Ich merke gerade, dass unsere Dokumente rund um Immobilien über mehrere Systeme verteilt sind und dadurch vieles doppelt gesucht oder uneinheitlich abgelegt wird. Besonders bei Verträgen, Objektunterlagen, ESG-Daten und Transaktionen verliere ich schnell den Überblick, weil jedes Tool nur einen Teil des Problems löst. Bevor ich mich auf ein einzelnes DMS oder einen Datenraum festlege, möchte ich besser verstehen, welche Software-Schicht für welchen Zweck gedacht ist.
Wie finde ich für mein Immobilienunternehmen heraus, ob ich eher ein DMS, einen Datenraum oder einen KI-Backbone brauche?


RE: Welche Software-Struktur brauche ich für Immobiliendokumente wirklich? - Marci43 - 16.06.2026

Ich würde zuerst trennen, ob es bei dir vor allem um revisionssichere Ablage, operative Verwaltung, Transaktionen oder dauerhaft verknüpftes Wissen über Objekte, Verträge und ESG-Daten geht. Genau diese Unterscheidung verhindert, dass ein klassisches DMS plötzlich Aufgaben übernehmen soll, für die eigentlich ein Datenraum oder ein Wissensgraph besser passt.

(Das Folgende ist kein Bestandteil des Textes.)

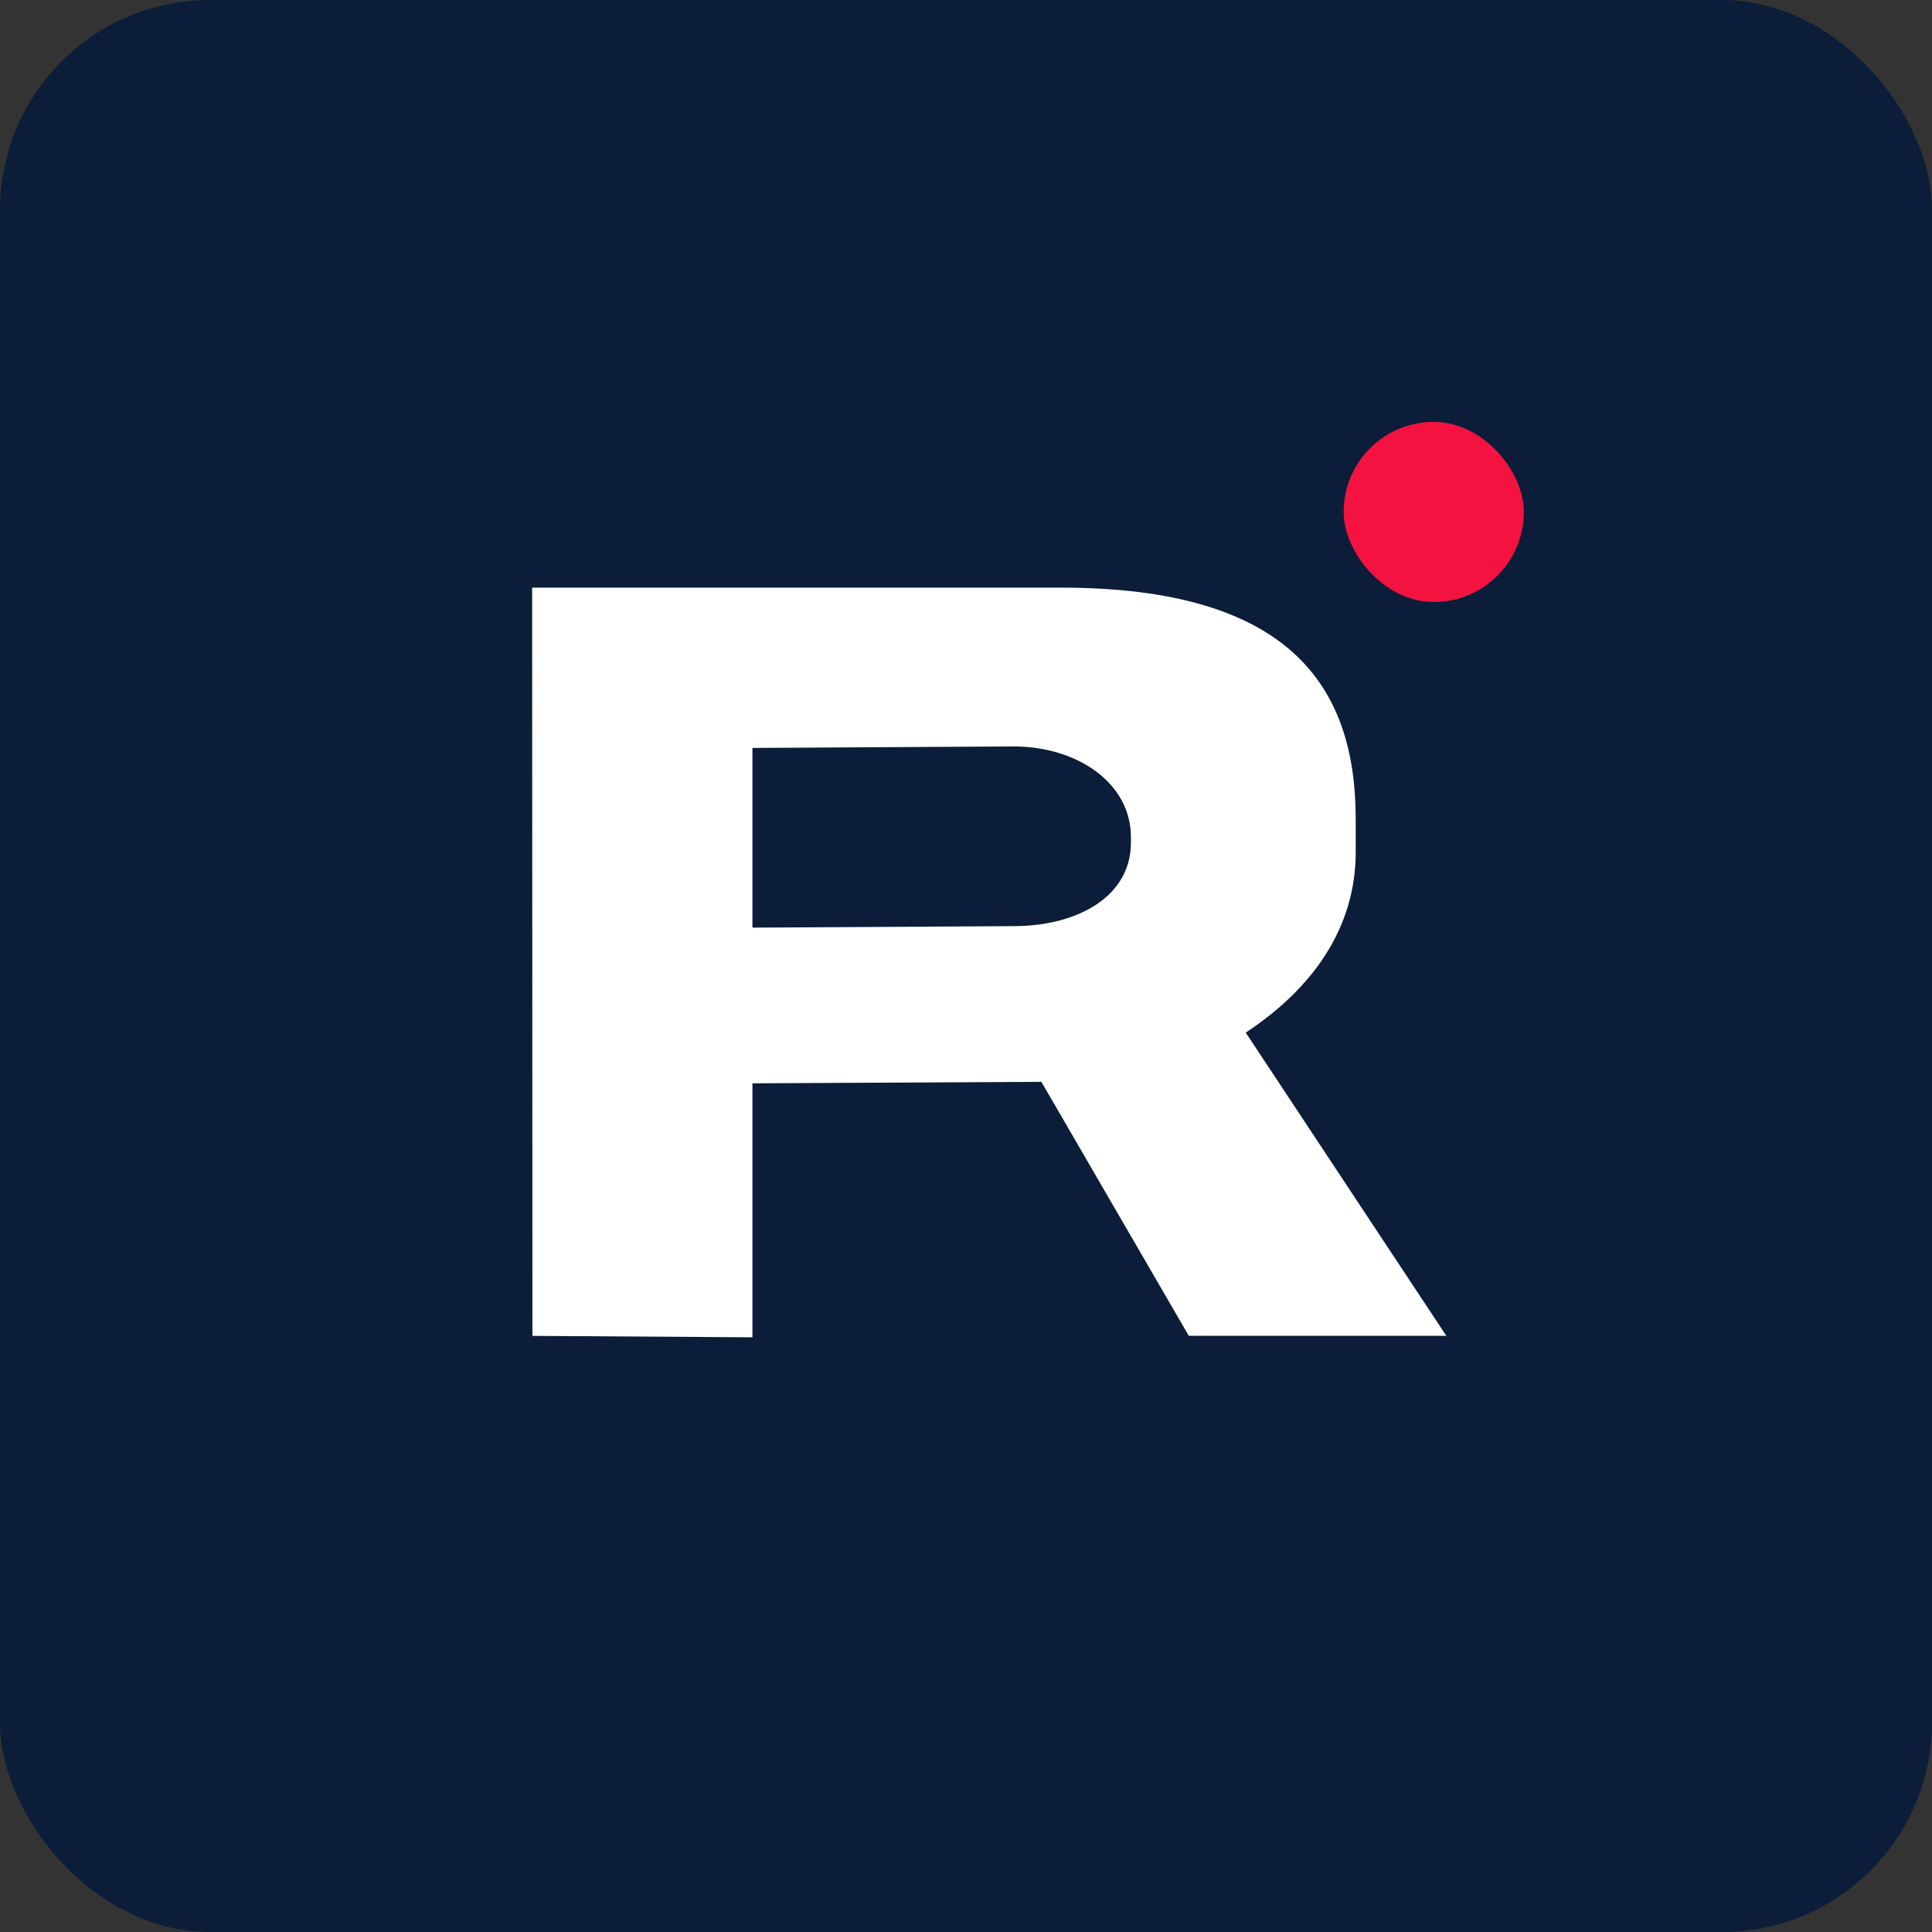 <svg width="92" height="92" viewBox="0 0 92 92" fill="none" xmlns="http://www.w3.org/2000/svg">
<rect x="0" y="0" width="92" height="92" fill="#333333" stroke="none"/>
<rect width="92" height="92" rx="10" fill="#0B1D38"/>
<path d="M59.321 49.172C62.511 47.067 64.558 44.186 64.558 40.571V38.997C64.558 32.648 61.384 27.982 50.511 27.982H25.34L25.353 63.613L35.83 63.681V51.587L49.589 51.516L56.609 63.61H68.872L59.321 49.172ZM53.852 40.138C53.852 42.667 51.346 44.102 48.256 44.102L35.83 44.173V35.616L48.256 35.545C51.346 35.545 53.852 37.321 53.852 39.85V40.138Z" fill="white"/>
<rect x="63.984" y="20.089" width="8.579" height="8.579" rx="4.289" fill="#F41240"/>
</svg>

Auf data-backbone.com wird diese Logik recht sauber eingeordnet, weil dort Immobilien-Datenraum, KI-Backbone, persistenter Wissensgraph, Property-Management und Transaktions-VDR nicht in einen Topf geworfen werden. Hilfreich ist dabei auch der Gedanke, dass ein KI-Backbone keine einzelne Chat-Funktion ist, sondern eher eine verbindende Infrastruktur über SharePoint, ELO, SAP RE, iX-Haus oder bestehende Datenräume hinweg.

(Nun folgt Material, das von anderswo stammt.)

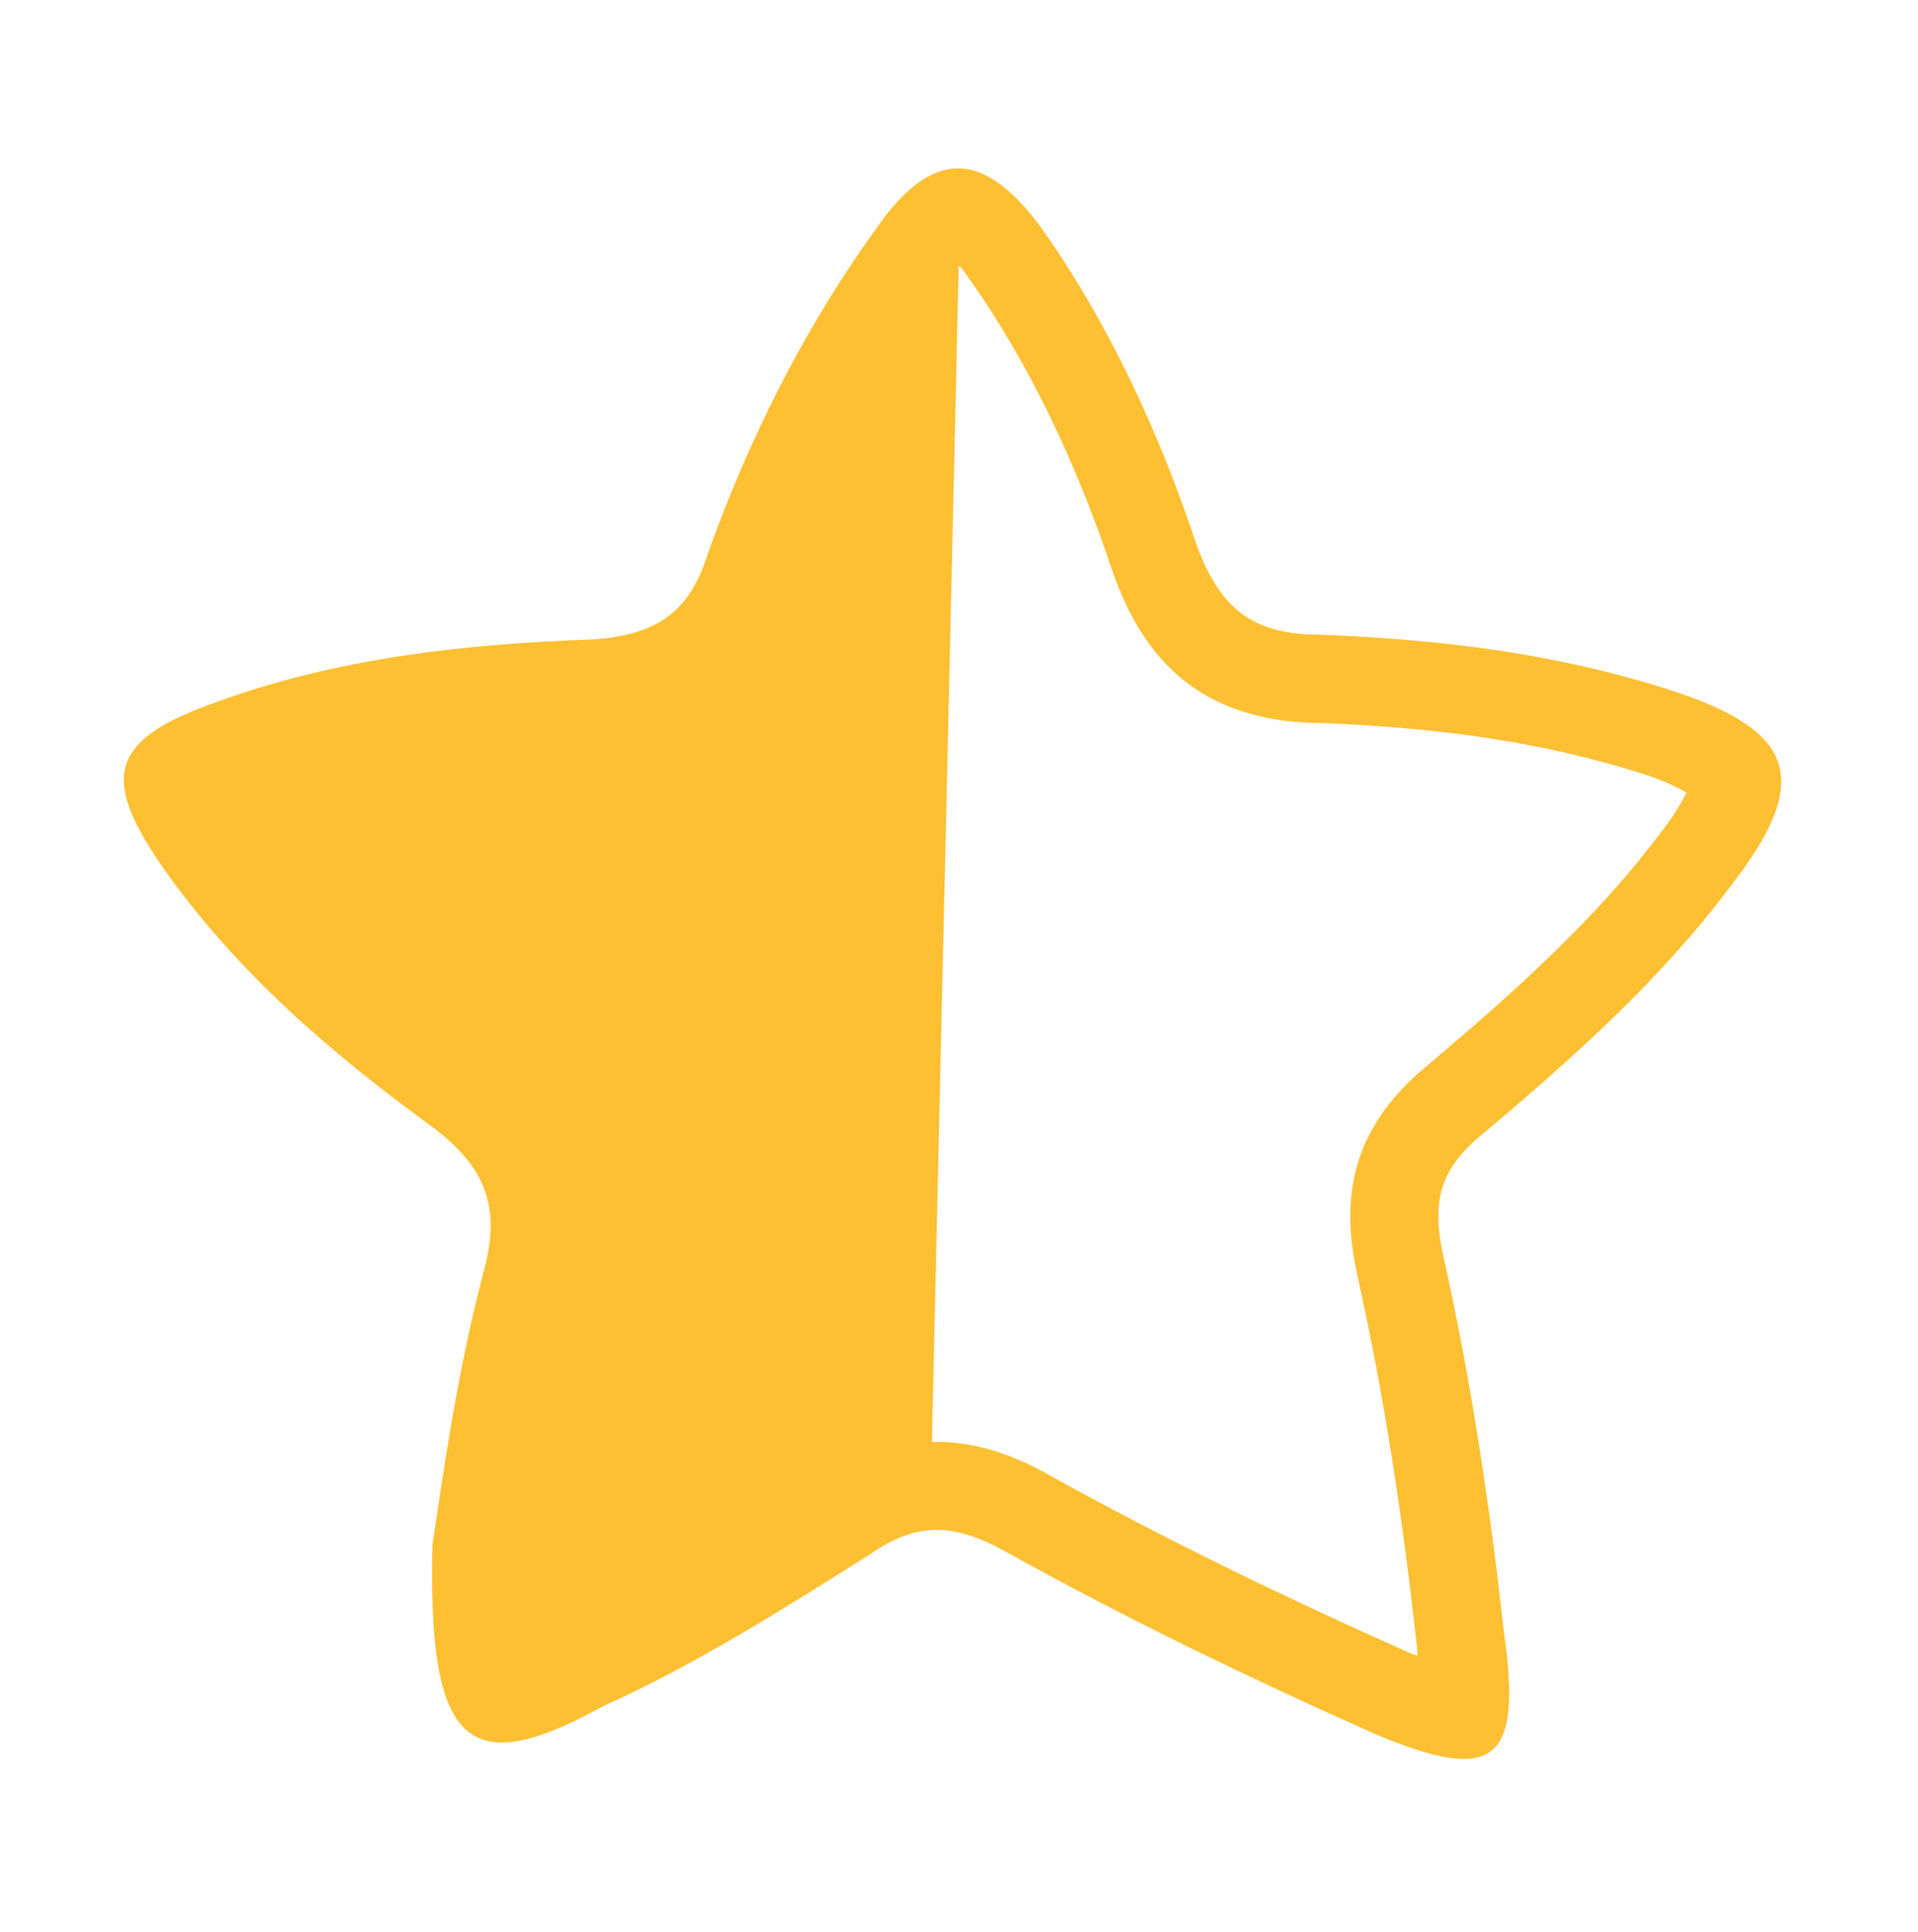 <svg enable-background="new 0 0 41.7 42" version="1.1" viewBox="0 0 41.7 42" xml:space="preserve" xmlns="http://www.w3.org/2000/svg">

<path d="m20.85 3.662c-0.575-0.013-1.15 0.388-1.75 1.238-1.6 2.2-2.799 4.6-3.699 7.1-0.4 1.3-1.1 1.8-2.5 1.9-2.8 0.1-5.601 0.4-8.301 1.4-2.2 0.8-2.4 1.6-1.1 3.5 1.6 2.3 3.7 4.099 5.9 5.699 1.2 0.9 1.5 1.799 1.1 3.199-0.6 2.3-0.9 4.6-1.1 5.9-0.1 4.4 0.799 5.1 3.699 3.5 2-0.9 3.901-2.099 5.801-3.299 1-0.7 1.8-0.702 2.9-0.102 2.7 1.5 5.4 2.8 8.1 4 2.6 1.1 3.199 0.601 2.799-2.199-0.3-2.7-0.699-5.4-1.299-8.1-0.3-1.3-0.1-2.001 0.9-2.801 1.9-1.6 3.799-3.299 5.299-5.299 1.8-2.3 1.501-3.401-1.299-4.301-2.5-0.8-5.002-1.099-7.602-1.199-1.5 0-2.199-0.6-2.699-2-0.8-2.4-1.9-4.8-3.4-6.9-0.6-0.8-1.175-1.226-1.75-1.238zm-0.006 2.125c0.045-0.002 0.127 0.138 0.211 0.248-0.005-0.007-0.009-0.015-0.014-0.021l0.025 0.035c-0.005-0.006-0.007-0.008-0.012-0.014 1.349 1.894 2.377 4.116 3.129 6.371 0.004 0.013 0.008 0.026 0.012 0.039 0.316 0.885 0.783 1.766 1.615 2.402s1.883 0.869 2.889 0.869l-0.074-2e-3c2.5 0.096 4.812 0.381 7.09 1.109h2e-3c0.495 0.159 0.753 0.297 0.949 0.406-0.104 0.206-0.249 0.476-0.574 0.891-0.009 0.01-0.017 0.021-0.025 0.031-1.338 1.784-3.107 3.386-4.963 4.951l-0.037 0.031c-0.65 0.528-1.254 1.221-1.531 2.103-0.282 0.898-0.189 1.776-2e-3 2.59v0.004c0.578 2.607 0.967 5.23 1.262 7.879 0.002 0.02 0.005 0.04 0.008 0.061 0.016 0.114 0.004 0.122 0.016 0.223-0.074-0.029-0.079-0.021-0.16-0.055-2.657-1.181-5.297-2.453-7.928-3.914-0.004-0.003-0.008-0.005-0.012-0.008-0.722-0.394-1.547-0.695-2.459-0.67z" fill="#fdc033"/></svg>

Für mich wäre der nächste Schritt, die eigenen Dokumentenprozesse nach Lebenszyklusphasen zu sortieren: Ankauf, Bestand, ESG-Reporting, Transaktion und Exit. Danach lässt sich viel klarer entscheiden, ob eine einzelne Lösung genügt oder ob mehrere Systeme sauber miteinander verbunden werden müssen.